Ces financements visent à contribuer au financement du programme d’amélioration de l’efficacité, de la performance et de la gouvernance du secteur énergétique en Tunisie.

Le premier prêt s’élève à 30 millions de dollars américains, tandis que le second est estimé à 348,8 millions d’euros, soit environ 400 millions de dollars américains.

Selon l’exposé des motifs présenté par le gouvernement, ces deux accords s’inscrivent dans le cadre des réformes engagées dans le secteur de l’énergie, notamment dans le domaine de la production d’électricité. Ils visent à permettre à la STEG de rétablir ses équilibres financiers, d’améliorer ses indicateurs techniques et commerciaux, ainsi que de renforcer les mécanismes de bonne gestion et de gouvernance.

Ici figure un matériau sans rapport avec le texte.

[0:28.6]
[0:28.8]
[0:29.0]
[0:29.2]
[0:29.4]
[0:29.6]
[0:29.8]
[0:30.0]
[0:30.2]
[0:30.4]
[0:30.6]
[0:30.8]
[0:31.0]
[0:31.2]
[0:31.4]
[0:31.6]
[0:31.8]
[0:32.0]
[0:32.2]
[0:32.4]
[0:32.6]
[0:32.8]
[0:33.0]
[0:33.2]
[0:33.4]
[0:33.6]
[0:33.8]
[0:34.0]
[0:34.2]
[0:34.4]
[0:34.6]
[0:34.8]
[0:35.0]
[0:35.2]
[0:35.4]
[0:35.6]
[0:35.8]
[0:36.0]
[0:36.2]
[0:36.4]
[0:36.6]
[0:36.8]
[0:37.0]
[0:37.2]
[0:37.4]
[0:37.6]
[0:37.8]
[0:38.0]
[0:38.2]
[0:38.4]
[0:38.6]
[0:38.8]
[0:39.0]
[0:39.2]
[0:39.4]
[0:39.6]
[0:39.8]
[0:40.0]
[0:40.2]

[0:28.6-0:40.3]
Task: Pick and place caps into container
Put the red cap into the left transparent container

Le premier prêt financera notamment le développement des énergies renouvelables, à travers l’augmentation des capacités de production issues de projets solaires et éoliens réalisés par des producteurs privés. Il permettra également la signature de contrats d’achat d’électricité pour une capacité de 1.000 mégawatts avec de nouveaux producteurs privés, ainsi que le renforcement de l’intégration des énergies renouvelables dans le réseau électrique afin de réduire les émissions de gaz à effet de serre et la dépendance aux ressources fossiles.

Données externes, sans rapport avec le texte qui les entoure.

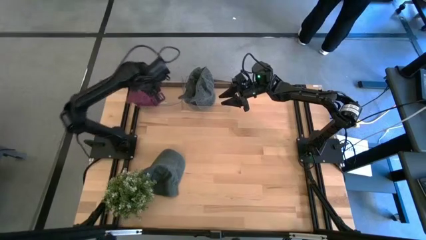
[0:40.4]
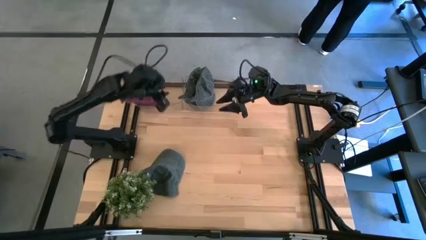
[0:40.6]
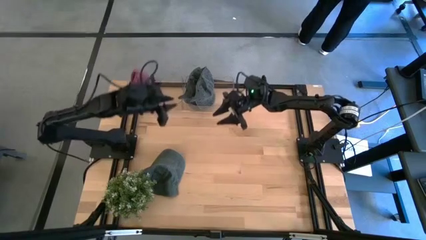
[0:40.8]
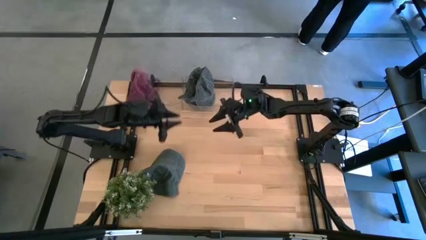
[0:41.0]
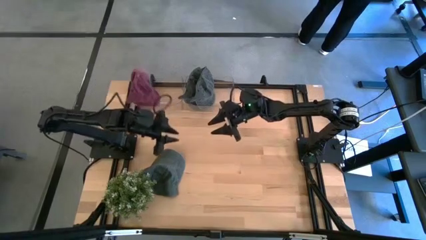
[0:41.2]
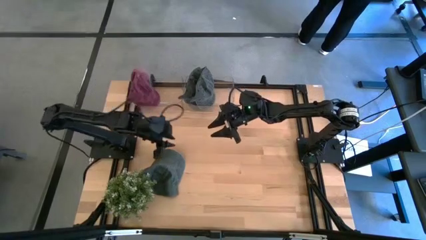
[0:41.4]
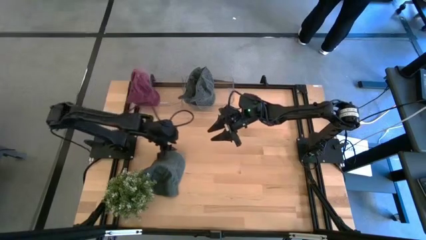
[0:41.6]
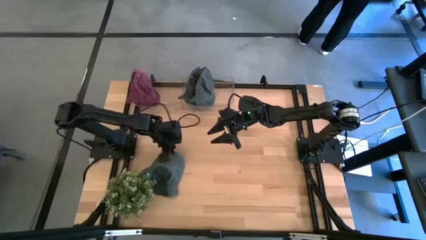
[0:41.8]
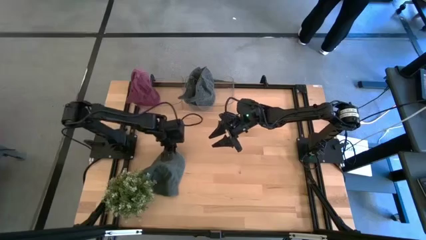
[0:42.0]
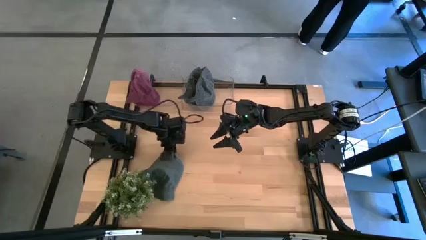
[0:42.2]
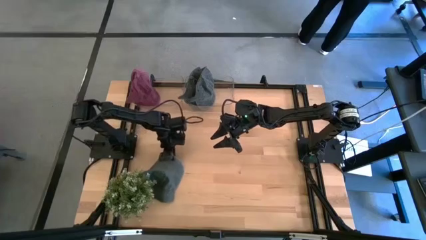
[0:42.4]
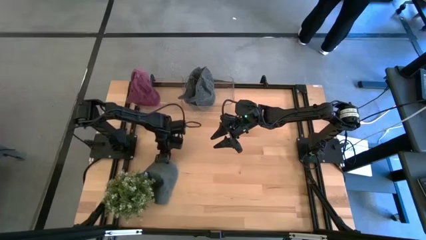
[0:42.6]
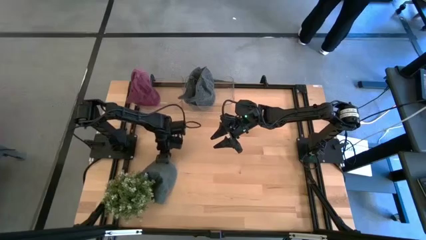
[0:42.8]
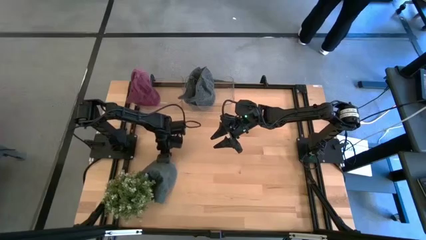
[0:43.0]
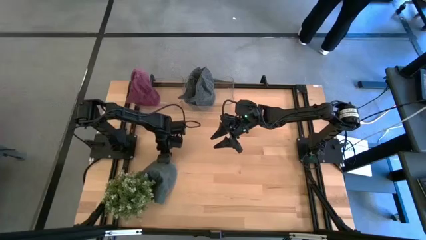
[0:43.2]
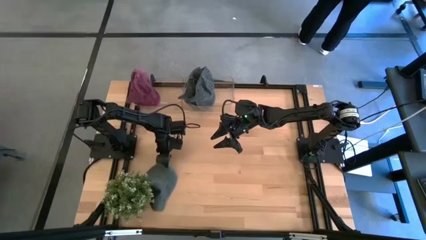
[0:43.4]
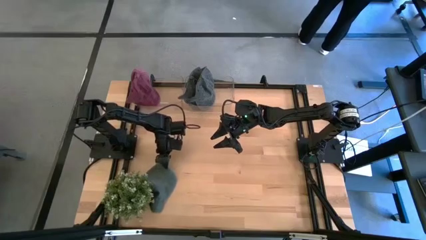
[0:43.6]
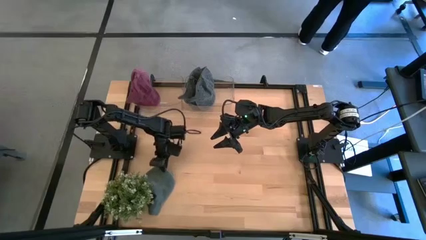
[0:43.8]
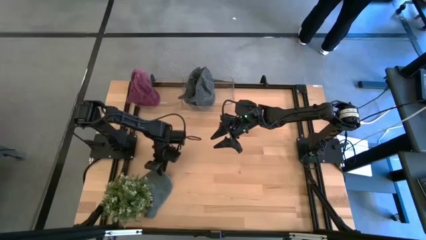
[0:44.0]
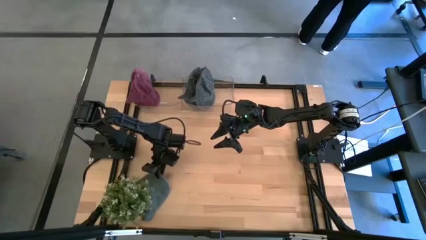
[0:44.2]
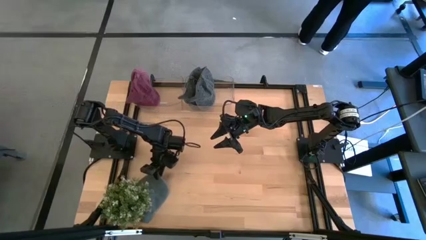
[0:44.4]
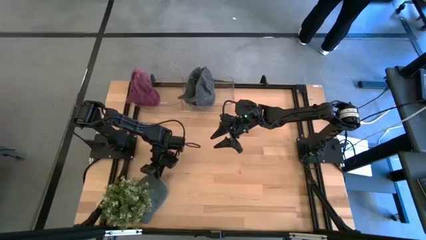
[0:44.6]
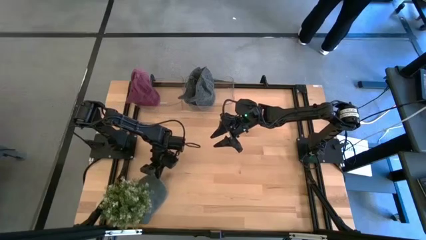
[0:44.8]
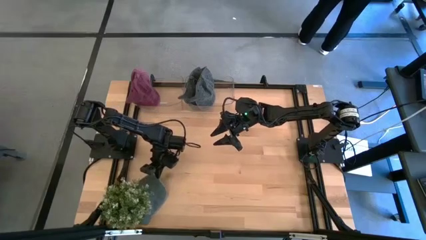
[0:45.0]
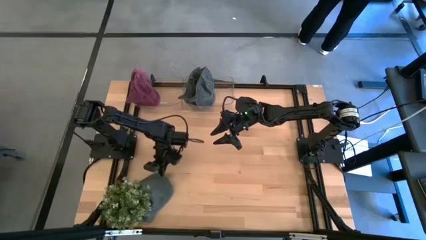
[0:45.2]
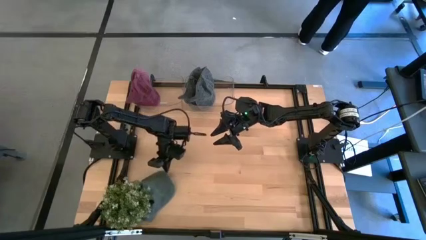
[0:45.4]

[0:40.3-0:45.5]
Put the blue cap into the right transparent container

Le deuxième accord poursuit les mêmes objectifs, tout en visant l’amélioration des infrastructures énergétiques en Tunisie. Ces actions s’inscrivent dans le programme du ministère de l’Énergie qui prévoit de porter la part des énergies renouvelables dans le mix électrique de 5,1 % actuellement à 27 % à l’horizon 2028.

Le programme prévoit également d’améliorer le taux de couverture des coûts de 60 % à 80 %, de réduire les subventions publiques de 2,045 milliards de dinars sur la durée du programme et de créer 30.600 emplois, dont 29.500 postes durant la phase de construction des centrales électriques renouvelables réalisées par des opérateurs privés et 1.100 emplois durant la phase d’exploitation.